Despite healthy reference populations yielding different hs-cTn 99th percentiles between males and females, many algorithms that have been developed for early decision-making have not used the patient’s sex as a variable. The present study findings indicated similar diagnostic performance between presentation hs-cTnI and hs-cTnT concentrations in both the female and male population in the ED for detecting an acute composite cardiac outcome despite the significant age difference between the two groups. This finding reaffirms that cardiac specific and sensitive tests, such as hs-cTnT and hs-cTnI, detect patients in the ED with myocardial injury and who are at an increased risk for an adverse cardiac event.

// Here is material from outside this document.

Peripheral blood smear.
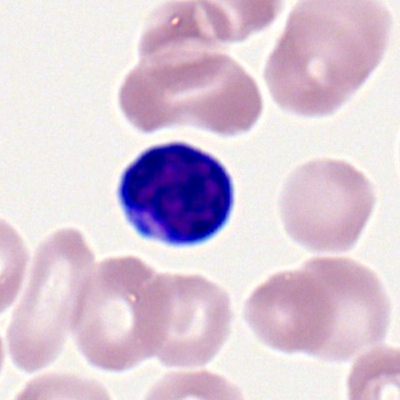
Morphology → lymphocyte.

The overall finding that there was no difference in hs-cTn concentrations in females vs. males with the composite acute cardiac outcome may support a risk cut-off approach as opposed to one overall cut-off.^5,6

Strengths of our study include employing a composite cardiovascular outcome as the endpoint as opposed to MI alone. MI as an outcome is heavily influenced by the type of cardiac troponin assay used for adjudication and employing the composite cardiovascular outcome mitigates these inherent biases. Another strength is our consecutive patient enrolment and measuring the population with both an hs-cTnI and hs-cTnT assay. Limitations to the present analyses are: the sample sizes for each sex are not equivalent, the length of follow-up of only one-week and the older age of the study cohort. However, as physicians are concerned about identifying patients who are at risk for an event in the short-term, we feel that this time frame fulfils an important clinical gap in a representative population being assessed for ACS. It is worth noting that the objective of the present analysis (i.e. to assess the difference in hs-cTn concentration between males and females with the composite outcome) was not the primary objective in the original study grant (awarded by the Canadian Institutes of Health Research in 2013), and therefore the study was not designed to assess the difference between sexes. A post hoc power calculation indicates that this secondary analysis would require a sample size in excess of 1600 participants. Notwithstanding these limitations, these preliminary data suggest similar diagnostic information for an acute composite cardiac outcome between the sexes with the presentation hs-cTn concentration.